(Information shown begins)

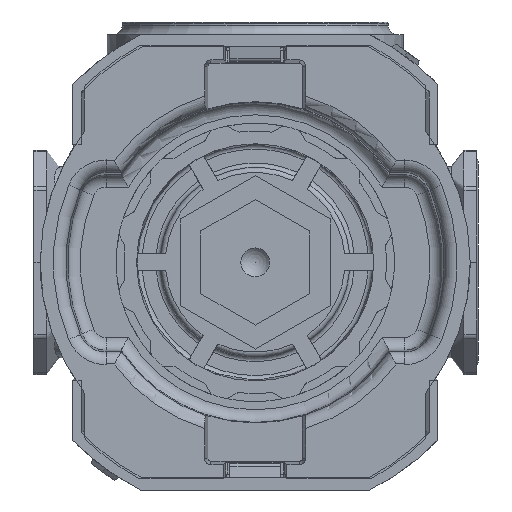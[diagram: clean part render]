
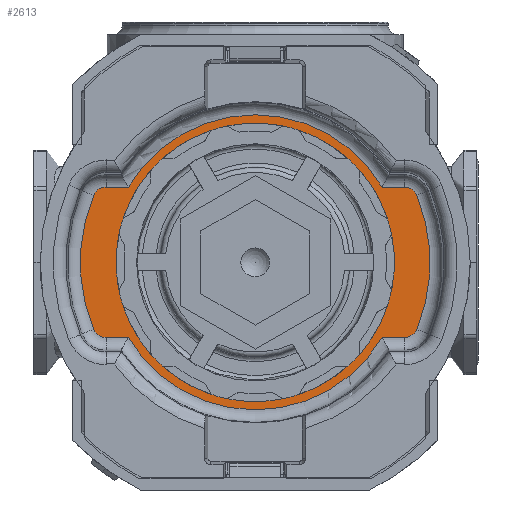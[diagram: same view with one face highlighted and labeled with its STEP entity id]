
A CAD part, front view. The second image highlights one B-rep face of the part: STEP entity #2613.
In plain terms, the highlighted planar face has unit normal (0, -1, 0).
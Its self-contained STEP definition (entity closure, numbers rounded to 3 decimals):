
#2613 = ADVANCED_FACE( '', ( #6868 ), #6869, .T. );
#6868 = FACE_OUTER_BOUND( '', #13024, .T. );
#6869 = PLANE( '', #13025 );
#13024 = EDGE_LOOP( '', ( #21186, #21187, #21188, #21189, #21190, #21191, #21192, #21193, #21194, #21195, #21196, #21197, #21198, #21199, #21200, #21201 ) );
#13025 = AXIS2_PLACEMENT_3D( '', #21202, #21203, #21204 );
#21186 = ORIENTED_EDGE( '', *, *, #37440, .F. );
#21187 = ORIENTED_EDGE( '', *, *, #38036, .T. );
#21188 = ORIENTED_EDGE( '', *, *, #38037, .F. );
#21189 = ORIENTED_EDGE( '', *, *, #38038, .T. );
#21190 = ORIENTED_EDGE( '', *, *, #38039, .T. );
#21191 = ORIENTED_EDGE( '', *, *, #38040, .T. );
#21192 = ORIENTED_EDGE( '', *, *, #38041, .T. );
#21193 = ORIENTED_EDGE( '', *, *, #38042, .F. );
#21194 = ORIENTED_EDGE( '', *, *, #38043, .T. );
#21195 = ORIENTED_EDGE( '', *, *, #38044, .T. );
#21196 = ORIENTED_EDGE( '', *, *, #38045, .T. );
#21197 = ORIENTED_EDGE( '', *, *, #38046, .F. );
#21198 = ORIENTED_EDGE( '', *, *, #38047, .F. );
#21199 = ORIENTED_EDGE( '', *, *, #38048, .F. );
#21200 = ORIENTED_EDGE( '', *, *, #38049, .F. );
#21201 = ORIENTED_EDGE( '', *, *, #38050, .T. );
#21202 = CARTESIAN_POINT( '', ( 0., 12., 0. ) );
#21203 = DIRECTION( '', ( 0., -1., 0. ) );
#21204 = DIRECTION( '', ( 0., 0., -1. ) );
#37440 = EDGE_CURVE( '', #45465, #45467, #45468, .T. );
#38036 = EDGE_CURVE( '', #45465, #46451, #46452, .T. );
#38037 = EDGE_CURVE( '', #46453, #46451, #46454, .T. );
#38038 = EDGE_CURVE( '', #46453, #46455, #46456, .T. );
#38039 = EDGE_CURVE( '', #46455, #46457, #46458, .T. );
#38040 = EDGE_CURVE( '', #46457, #46459, #46460, .T. );
#38041 = EDGE_CURVE( '', #46459, #46461, #46462, .T. );
#38042 = EDGE_CURVE( '', #46463, #46461, #46464, .T. );
#38043 = EDGE_CURVE( '', #46463, #46465, #46466, .T. );
#38044 = EDGE_CURVE( '', #46465, #46467, #46468, .T. );
#38045 = EDGE_CURVE( '', #46467, #46469, #46470, .T. );
#38046 = EDGE_CURVE( '', #46471, #46469, #46472, .T. );
#38047 = EDGE_CURVE( '', #46473, #46471, #46474, .T. );
#38048 = EDGE_CURVE( '', #46475, #46473, #46476, .T. );
#38049 = EDGE_CURVE( '', #46477, #46475, #46478, .T. );
#38050 = EDGE_CURVE( '', #46477, #45467, #46479, .T. );
#45465 = VERTEX_POINT( '', #56751 );
#45467 = VERTEX_POINT( '', #56766 );
#45468 = LINE( '', #56767, #56768 );
#46451 = VERTEX_POINT( '', #58531 );
#46452 = CIRCLE( '', #58532, 23.325 );
#46453 = VERTEX_POINT( '', #58533 );
#46454 = LINE( '', #58534, #58535 );
#46455 = VERTEX_POINT( '', #58536 );
#46456 = LINE( '', #58537, #58538 );
#46457 = VERTEX_POINT( '', #58539 );
#46458 = CIRCLE( '', #58540, 2.15 );
#46459 = VERTEX_POINT( '', #58541 );
#46460 = CIRCLE( '', #58542, 27.65 );
#46461 = VERTEX_POINT( '', #58543 );
#46462 = CIRCLE( '', #58544, 2.15 );
#46463 = VERTEX_POINT( '', #58545 );
#46464 = LINE( '', #58546, #58547 );
#46465 = VERTEX_POINT( '', #58548 );
#46466 = LINE( '', #58549, #58550 );
#46467 = VERTEX_POINT( '', #58551 );
#46468 = CIRCLE( '', #58552, 23.325 );
#46469 = VERTEX_POINT( '', #58553 );
#46470 = LINE( '', #58554, #58555 );
#46471 = VERTEX_POINT( '', #58556 );
#46472 = LINE( '', #58557, #58558 );
#46473 = VERTEX_POINT( '', #58559 );
#46474 = CIRCLE( '', #58560, 2.15 );
#46475 = VERTEX_POINT( '', #58561 );
#46476 = CIRCLE( '', #58562, 27.65 );
#46477 = VERTEX_POINT( '', #58563 );
#46478 = CIRCLE( '', #58564, 2.15 );
#46479 = LINE( '', #58565, #58566 );
#56751 = CARTESIAN_POINT( '', ( -20.067, 12., -11.89 ) );
#56766 = CARTESIAN_POINT( '', ( -23.559, 12., -11.89 ) );
#56767 = CARTESIAN_POINT( '', ( 23.559, 12., -11.89 ) );
#56768 = VECTOR( '', #71698, 1000. );
#58531 = CARTESIAN_POINT( '', ( 20.067, 12., -11.89 ) );
#58532 = AXIS2_PLACEMENT_3D( '', #72460, #72461, #72462 );
#58533 = CARTESIAN_POINT( '', ( 23.559, 12., -11.89 ) );
#58534 = CARTESIAN_POINT( '', ( 23.559, 12., -11.89 ) );
#58535 = VECTOR( '', #72463, 1000. );
#58536 = CARTESIAN_POINT( '', ( 23.559, 12., -11.908 ) );
#58537 = CARTESIAN_POINT( '', ( 23.559, 12., -9.758 ) );
#58538 = VECTOR( '', #72464, 1000. );
#58539 = CARTESIAN_POINT( '', ( 25.545, 12., -10.581 ) );
#58540 = AXIS2_PLACEMENT_3D( '', #72465, #72466, #72467 );
#58541 = CARTESIAN_POINT( '', ( 25.545, 12., 10.581 ) );
#58542 = AXIS2_PLACEMENT_3D( '', #72468, #72469, #72470 );
#58543 = CARTESIAN_POINT( '', ( 23.559, 12., 11.908 ) );
#58544 = AXIS2_PLACEMENT_3D( '', #72471, #72472, #72473 );
#58545 = CARTESIAN_POINT( '', ( 23.559, 12., 11.89 ) );
#58546 = CARTESIAN_POINT( '', ( 23.559, 12., 9.758 ) );
#58547 = VECTOR( '', #72474, 1000. );
#58548 = CARTESIAN_POINT( '', ( 20.067, 12., 11.89 ) );
#58549 = CARTESIAN_POINT( '', ( 23.559, 12., 11.89 ) );
#58550 = VECTOR( '', #72475, 1000. );
#58551 = CARTESIAN_POINT( '', ( -20.067, 12., 11.89 ) );
#58552 = AXIS2_PLACEMENT_3D( '', #72476, #72477, #72478 );
#58553 = CARTESIAN_POINT( '', ( -23.559, 12., 11.89 ) );
#58554 = CARTESIAN_POINT( '', ( 23.559, 12., 11.89 ) );
#58555 = VECTOR( '', #72479, 1000. );
#58556 = CARTESIAN_POINT( '', ( -23.559, 12., 11.908 ) );
#58557 = CARTESIAN_POINT( '', ( -23.559, 12., 11.908 ) );
#58558 = VECTOR( '', #72480, 1000. );
#58559 = CARTESIAN_POINT( '', ( -25.545, 12., 10.581 ) );
#58560 = AXIS2_PLACEMENT_3D( '', #72481, #72482, #72483 );
#58561 = CARTESIAN_POINT( '', ( -25.545, 12., -10.581 ) );
#58562 = AXIS2_PLACEMENT_3D( '', #72484, #72485, #72486 );
#58563 = CARTESIAN_POINT( '', ( -23.559, 12., -11.908 ) );
#58564 = AXIS2_PLACEMENT_3D( '', #72487, #72488, #72489 );
#58565 = CARTESIAN_POINT( '', ( -23.559, 12., -11.908 ) );
#58566 = VECTOR( '', #72490, 1000. );
#71698 = DIRECTION( '', ( -1., 0., 0. ) );
#72460 = CARTESIAN_POINT( '', ( 0., 12., 0. ) );
#72461 = DIRECTION( '', ( 0., -1., 0. ) );
#72462 = DIRECTION( '', ( 0., 0., -1. ) );
#72463 = DIRECTION( '', ( -1., 0., 0. ) );
#72464 = DIRECTION( '', ( 0., 0., -1. ) );
#72465 = CARTESIAN_POINT( '', ( 23.559, 12., -9.758 ) );
#72466 = DIRECTION( '', ( 0., -1., 0. ) );
#72467 = DIRECTION( '', ( 0., 0., -1. ) );
#72468 = CARTESIAN_POINT( '', ( 0., 12., 0. ) );
#72469 = DIRECTION( '', ( 0., -1., 0. ) );
#72470 = DIRECTION( '', ( 0., 0., -1. ) );
#72471 = CARTESIAN_POINT( '', ( 23.559, 12., 9.758 ) );
#72472 = DIRECTION( '', ( 0., -1., 0. ) );
#72473 = DIRECTION( '', ( 0., 0., -1. ) );
#72474 = DIRECTION( '', ( 0., 0., 1. ) );
#72475 = DIRECTION( '', ( -1., 0., 0. ) );
#72476 = CARTESIAN_POINT( '', ( 0., 12., 0. ) );
#72477 = DIRECTION( '', ( 0., -1., 0. ) );
#72478 = DIRECTION( '', ( 0., 0., -1. ) );
#72479 = DIRECTION( '', ( -1., 0., 0. ) );
#72480 = DIRECTION( '', ( 0., 0., -1. ) );
#72481 = CARTESIAN_POINT( '', ( -23.559, 12., 9.758 ) );
#72482 = DIRECTION( '', ( 0., 1., 0. ) );
#72483 = DIRECTION( '', ( 0., 0., 1. ) );
#72484 = CARTESIAN_POINT( '', ( 0., 12., 0. ) );
#72485 = DIRECTION( '', ( 0., 1., 0. ) );
#72486 = DIRECTION( '', ( 0., 0., 1. ) );
#72487 = CARTESIAN_POINT( '', ( -23.559, 12., -9.758 ) );
#72488 = DIRECTION( '', ( 0., 1., 0. ) );
#72489 = DIRECTION( '', ( 0., 0., 1. ) );
#72490 = DIRECTION( '', ( 0., 0., 1. ) );

(Information shown ends)

* _Your objective_
Print the lines above from the one with "#58565 = CARTESIAN_POINT( '', ( -23.559, 12., -11.908" through the one with "#72464 = DIRECTION( '', ( 0., 0., -1. ) );", both included, exactly as written and nothing more.

* _Answer_
#58565 = CARTESIAN_POINT( '', ( -23.559, 12., -11.908 ) );
#58566 = VECTOR( '', #72490, 1000. );
#71698 = DIRECTION( '', ( -1., 0., 0. ) );
#72460 = CARTESIAN_POINT( '', ( 0., 12., 0. ) );
#72461 = DIRECTION( '', ( 0., -1., 0. ) );
#72462 = DIRECTION( '', ( 0., 0., -1. ) );
#72463 = DIRECTION( '', ( -1., 0., 0. ) );
#72464 = DIRECTION( '', ( 0., 0., -1. ) );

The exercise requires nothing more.